= Apologia Pro Poemate Meo =

Poem by Wilfred Owen

"Apologia Pro Poemate Meo" is a poem by Wilfred Owen. It deals with the atrocities of World War I. The title means "in defence of my poetry" and is often viewed as a rebuttal to a remark in Robert Graves' letter "for God's sake cheer up and write more optimistically - the war's not ended yet but a poet should have a spirit above wars."

Alternatively, the poem is seen as a possible response to "Apologia Pro Vita Sua".

The poem deals with the themes like death of soldiers, pity of war and futility of fighting in wars.

The poem describes some of the horrors of war and how this leads to a lack of emotion and a desensitisation to death. However the key message of the poem is revealed in the final two stanzas criticizing "you" at home (contemporary readers) for using war propaganda and images as a form of entertainment "These men are worth/ Your tears: You are not worth their merriment."

The poem begins and concludes as follows:

I, too, saw God through mud—
        The mud that cracked on cheeks when wretches smiled.
        War brought more glory to their eyes than blood,
        And gave their laughs more glee than shakes a child.

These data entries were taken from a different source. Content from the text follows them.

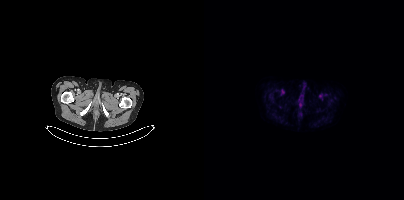
Technique: Left: CT. Right: PSMA PET, same axial level, [18F]PSMA-1007 tracer.
Findings: Negative for PSMA-avid disease on this slice.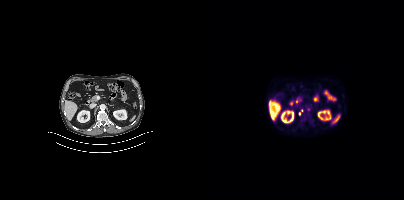
Coordinates are on the 200×200 PET (right) panel. (showing 2 of 3 foci) Small PSMA-avid foci (2 to 4 px across) near (center x, center y): (98, 110) (95, 113).
modality: PSMA PET/CT | tracer: 18F-PSMA | view: axial | PET grid: 200×200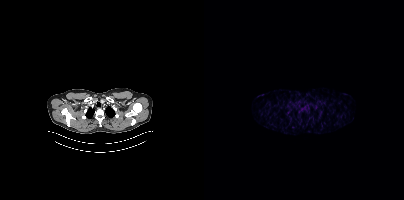
No PSMA-avid tumor lesions on this slice.
modality: PSMA PET/CT | tracer: 68Ga-PSMA | view: axial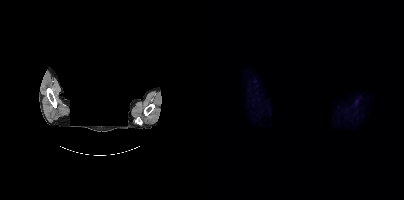
Technique: Paired axial CT (left) and PSMA PET (right), [18F]PSMA-1007 tracer. slice 379 of 435.
Note: A rectangle over the head was blacked out to remove identifiable facial features.
Findings: No PSMA-avid tumor lesions on this slice.

Merry it was to laugh there—
        Where death becomes absurd and life absurder.
        For power was on us as we slashed bones bare
        Not to feel sickness or remorse of murder.
...
Nevertheless, except you share
        With them in hell the sorrowful dark of hell,
        Whose world is but the trembling of a flare,
        And heaven but as the highway for a shell,

You shall not hear their mirth:
        You shall not come to think them well content
        By any jest of mine. These men are worth
        Your tears: You are not worth their merriment.